The next day, they go to see Dr. Renaud.  Discovering the doctor is a woman, Gould rants, “She’s a dame?  I don’t trust dames!  They’re always flapping their gums at the wrong time!”  Gould meets Renaud in her office and they have a very strange silence. They aren’t sizing each other up, they aren’t attracted to each other.  It is just a long, weird lull like they were bored, waiting for the director to say “action.”  Finally, she says, “Welcome to the institute.”

Gould is a complete dick, smoking a cigar  in her office after she asks him not to. He demands they get started immediately on replacing his face and, really, who can blame him?  Dr, Renaud tells him, “Here at the institute, we feel that cosmetic surgery is just one step in a much larger process.”  He suggests they get down to business “before I shove this desk down your stinking throat!”

LeBreaux suggests he talk to Dr.

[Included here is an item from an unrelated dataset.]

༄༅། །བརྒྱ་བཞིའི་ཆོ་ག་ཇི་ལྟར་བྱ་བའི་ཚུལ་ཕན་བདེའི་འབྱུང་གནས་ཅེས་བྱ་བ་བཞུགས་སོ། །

Renaud alone.  Gould says, “Well talk good, cop, or they’ll be fishing Palazzo out of the river!”  That would be the same Palazzo that LeBreaux told Gould was killed by a car bomb?  Christ, could anyone on this set read English?  Renaud understandably does not want to treat a psychopath like Gould. LeBreaux tells her if she doesn’t do this, she could lose her government funding.

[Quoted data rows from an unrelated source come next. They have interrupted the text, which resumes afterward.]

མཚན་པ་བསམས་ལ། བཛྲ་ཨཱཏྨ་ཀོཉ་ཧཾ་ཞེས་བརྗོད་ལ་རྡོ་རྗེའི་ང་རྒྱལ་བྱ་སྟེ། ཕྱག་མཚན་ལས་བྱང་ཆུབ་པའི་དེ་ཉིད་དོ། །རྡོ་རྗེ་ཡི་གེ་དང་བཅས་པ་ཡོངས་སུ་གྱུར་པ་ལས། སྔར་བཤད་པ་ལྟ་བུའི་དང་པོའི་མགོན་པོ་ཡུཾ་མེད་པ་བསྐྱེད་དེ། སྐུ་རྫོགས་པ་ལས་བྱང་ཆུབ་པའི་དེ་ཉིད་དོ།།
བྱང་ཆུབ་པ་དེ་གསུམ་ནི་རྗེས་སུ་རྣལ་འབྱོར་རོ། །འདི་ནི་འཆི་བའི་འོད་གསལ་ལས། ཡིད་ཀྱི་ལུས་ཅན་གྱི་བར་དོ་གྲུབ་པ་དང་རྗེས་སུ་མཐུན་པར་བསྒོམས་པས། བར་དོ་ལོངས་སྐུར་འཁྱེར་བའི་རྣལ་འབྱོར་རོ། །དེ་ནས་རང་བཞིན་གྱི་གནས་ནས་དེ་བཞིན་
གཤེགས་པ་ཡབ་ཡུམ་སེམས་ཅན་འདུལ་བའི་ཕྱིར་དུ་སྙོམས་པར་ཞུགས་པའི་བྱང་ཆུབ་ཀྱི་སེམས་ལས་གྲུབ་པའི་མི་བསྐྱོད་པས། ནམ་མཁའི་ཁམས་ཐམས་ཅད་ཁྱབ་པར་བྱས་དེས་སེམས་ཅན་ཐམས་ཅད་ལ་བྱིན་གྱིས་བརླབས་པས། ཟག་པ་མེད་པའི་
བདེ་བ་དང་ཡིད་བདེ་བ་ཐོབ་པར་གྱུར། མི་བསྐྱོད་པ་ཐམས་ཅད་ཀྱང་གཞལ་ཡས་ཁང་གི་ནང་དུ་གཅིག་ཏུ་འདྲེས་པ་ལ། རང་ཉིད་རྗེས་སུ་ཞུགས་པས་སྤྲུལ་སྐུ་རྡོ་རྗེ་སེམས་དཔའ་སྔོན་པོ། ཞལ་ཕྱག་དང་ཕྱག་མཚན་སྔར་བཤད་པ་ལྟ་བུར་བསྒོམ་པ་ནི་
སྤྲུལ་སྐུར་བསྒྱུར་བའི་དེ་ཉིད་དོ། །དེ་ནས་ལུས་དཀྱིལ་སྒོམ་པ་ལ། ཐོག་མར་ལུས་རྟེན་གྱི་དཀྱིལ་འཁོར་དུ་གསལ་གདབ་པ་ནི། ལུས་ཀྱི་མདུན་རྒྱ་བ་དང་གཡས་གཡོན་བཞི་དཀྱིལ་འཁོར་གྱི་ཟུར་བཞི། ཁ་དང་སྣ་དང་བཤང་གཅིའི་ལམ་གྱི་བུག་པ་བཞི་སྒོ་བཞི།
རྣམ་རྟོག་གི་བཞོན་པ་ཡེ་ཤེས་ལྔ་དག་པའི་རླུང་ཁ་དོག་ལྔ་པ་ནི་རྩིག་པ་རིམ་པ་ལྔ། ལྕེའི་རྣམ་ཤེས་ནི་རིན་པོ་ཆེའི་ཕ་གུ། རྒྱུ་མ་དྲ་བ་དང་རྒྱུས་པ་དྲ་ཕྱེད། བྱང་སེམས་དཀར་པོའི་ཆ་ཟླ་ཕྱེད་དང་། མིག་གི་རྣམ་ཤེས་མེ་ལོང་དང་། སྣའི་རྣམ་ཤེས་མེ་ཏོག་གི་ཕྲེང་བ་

Gould is subjected to tests like he was trying to be in the Mercury 7 [sadly, the relevant Right Stuff clip is not on You Tube].  After a week of this, Gould puts his hand on her throat and tells her she better not be playing him for a sucker.  Just repulsive.  The doctor’s assistant walks in and he lowers his hand.  He takes the opportunity to light up another cigar in the lab after spitting the tip on the floor.  Just repulsive.  Later, he starts feeling up Renaud’s assistant to unwind before his operation.  Just repulsive.

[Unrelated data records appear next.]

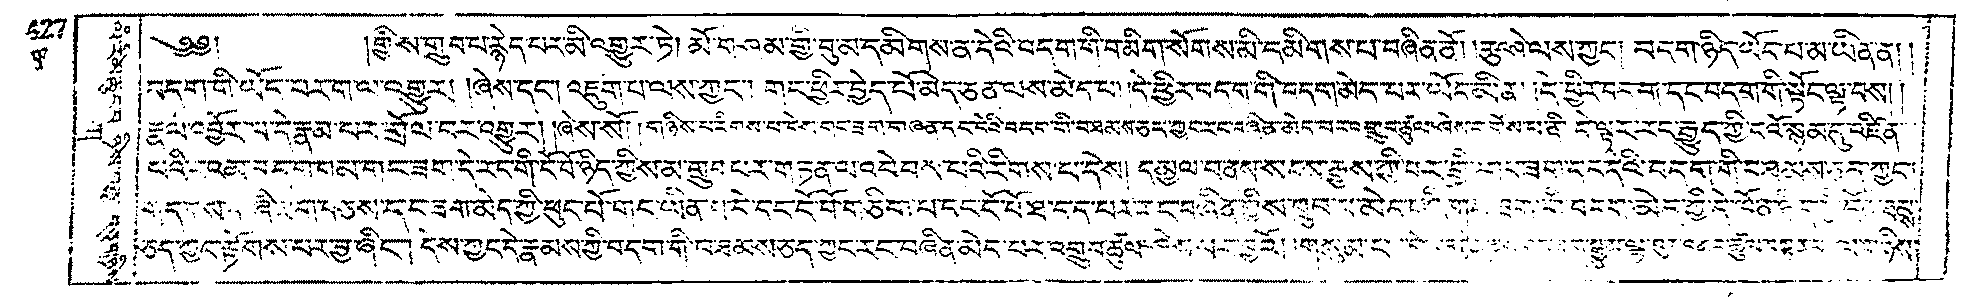༄༅། །གྱིས་གྲུབ་པ་རྙེད་པར་མི་འགྱུར་ཏེ། མི་གཤམ་གྱི་བུ་མ་དམིགས་ན་དེའི་བདག་གི་བ་མིག་སོགས་མི་དམིགས་པ་བཞིན་ནོ། །རྩ་ཤེ་ལས་ཀྱང་། བདག་ཉིད་ཡོད་པ་མ་ཡིན་ན། །
བདག་གི་ཡོད་པར་ག་ལ་འགྱུར། །ཞེས་དང་། འཇུག་པ་ལས་ཀྱང་། གང་ཕྱིར་བྱེད་པོ་མེད་ཅན་ལས་མེད་པ། །དེ་ཕྱིར་བདག་གི་བདག་མེད་པར་ཡོད་མིན། །དེ་ཕྱིར་བདག་དང་བདག་གི་སྟོང་ལྟ་བས། །
རྣལ་འབྱོར་པ་དེ་རྣམ་པར་གྲོལ་བར་འགྱུར། །ཞེས་སོ། །གཉིས་པ་རིགས་པ་དེས་གང་ཟག་གཞན་དང་དེའི་བདག་གི་བ་ཐམས་ཅད་ཀྱང་རང་བཞིན་མེད་པར་འགྲུབ་ཚུལ་ཤེས་དགོས་པ་ནི།  དེ་ལྟར་རང་རྒྱུད་ཀྱི་ངའོ་སྙམ་དུ་འཛིན་
པའི་ངའམ་བདག་གམ་གང་ཟག་དེ་རང་གི་ངོ་བོ་ཉིད་ཀྱིས་མ་གྲུབ་པར་གཏན་ལ་འབེབས་པའི་རིགས་པ་དེས། དམྱལ་བ་ནས་སངས་རྒྱས་ཀྱི་བར་གྱི་གང་ཟག་དང་དེའི་བདག་གི་བ་ཐམས་ཅད་ཀྱང་།
གདགས་གཞི་ཟག་བཅས་དང་ཟག་མེད་ཀྱི་ཕུང་པོ་གང་ཡིན་པ་དེ་དང་ངོ་བོ་གཅིག་པ་དང་ངོ་བོ་ཐ་དད་པར་རང་བཞིན་གྱིས་གྲུབ་པ་མེད་པའི་གང་ཟག་གི་བདག་མེད་ཀྱི་དེ་ཁོ་ན་ཉིད་ཀྱི་དོན་ཐམས་
ཅད་ཀྱང་རྟོགས་པར་བྱ་ཞིང་། དེས་ཀྱང་དེ་རྣམས་ཀྱི་བདག་གི་བ་ཐམས་ཅད་ཀྱང་རང་བཞིན་མེད་པར་འགྲུབ་ཚུལ་ཤེས་པར་བྱའོ། །གསུམ་པདེ་ལ་བརྟེན་ནས་གང་ཟག་སྒྱུ་མ་ལྟ་བུར་འཆར་ཚུལ་བསྟན་པ་ལ་གཉིས་

That night, Gould sneaks in to Bloc 6 where the surgery will be done.  He picks up a couple of instruments which look like a garlic press and a mixer to me, but I’m no brain surgeon; or chef.  On the X-Ray screen there are a lot more shots of brains than you might expect from a cosmetic surgeon.  He finds a room of men either bald or with their head in bandages.  One of them repeat–edly asks, “Bon jour, comment tallez-vous?”  I think they were lobotomized, but to be fair, Gould never answers him.

Gould decides to not have the surgery, runs oafishly out of the complex, steals the white van and speeds off.  LeBreaux finds Gould and tries to take him back.  Gould uses his one martial art — banging a guy’s head into the ground — and beats LeBreaux unconscious.  Blah blah, some other goons knock Gould out and take him back to the institute for surgery.  After the surgery, his head is bandaged like the men he saw at the institute.  And:

  • LeBreaux comes to visit, carrying flowers.  Hunh, they’re suddenly bros?  Or is it frères?  Is this the beginning of a LeBreaux-mance?
  • Gould’s personality is completely changed.  He is now warm and smiling and friendly.  Was he supposed to have gotten a lobotomy?  I don’t think this would be the result.  Why is he not like the other men?
  • And why is the doctor so gung-ho about lobotomies anyway?  It wasn’t just revenge against Gould — remember, there was a room full of these guys.
  • There is a long, purposeful close-up of Gould’s eye which I don’t understand at all.  I know lobotomies can be done through the eye-hole, but there is no indication of that. There is no tear which would indicate something . . . anything.  It just seems random.
  • The cop lights a cigar as he leaves, just as Gould had smoked them before. LeBreaux had only smoked cigarettes.  Are we supposed to think that Gould and the cop switched faces?  Clearly they did not, but why else throw that scene in?

Merde.  Just a steaming load of merde.

Other Stuff:

  • [1] Kudos where due.  They exited the van with all the men wearing military garrison caps, except one wearing a fedora.  I immediately thought they were idiots by making their charge so easily identifiable, but Gould was wearing one of the caps.
  • [2] And maybe still do.  Every 10 years, I’ll look at a current issue — same jokes.
  • After some time back in the US, the titular hitchhiker is back in France.  This guy really needs an AAA membership (remember, this was pre Google Maps).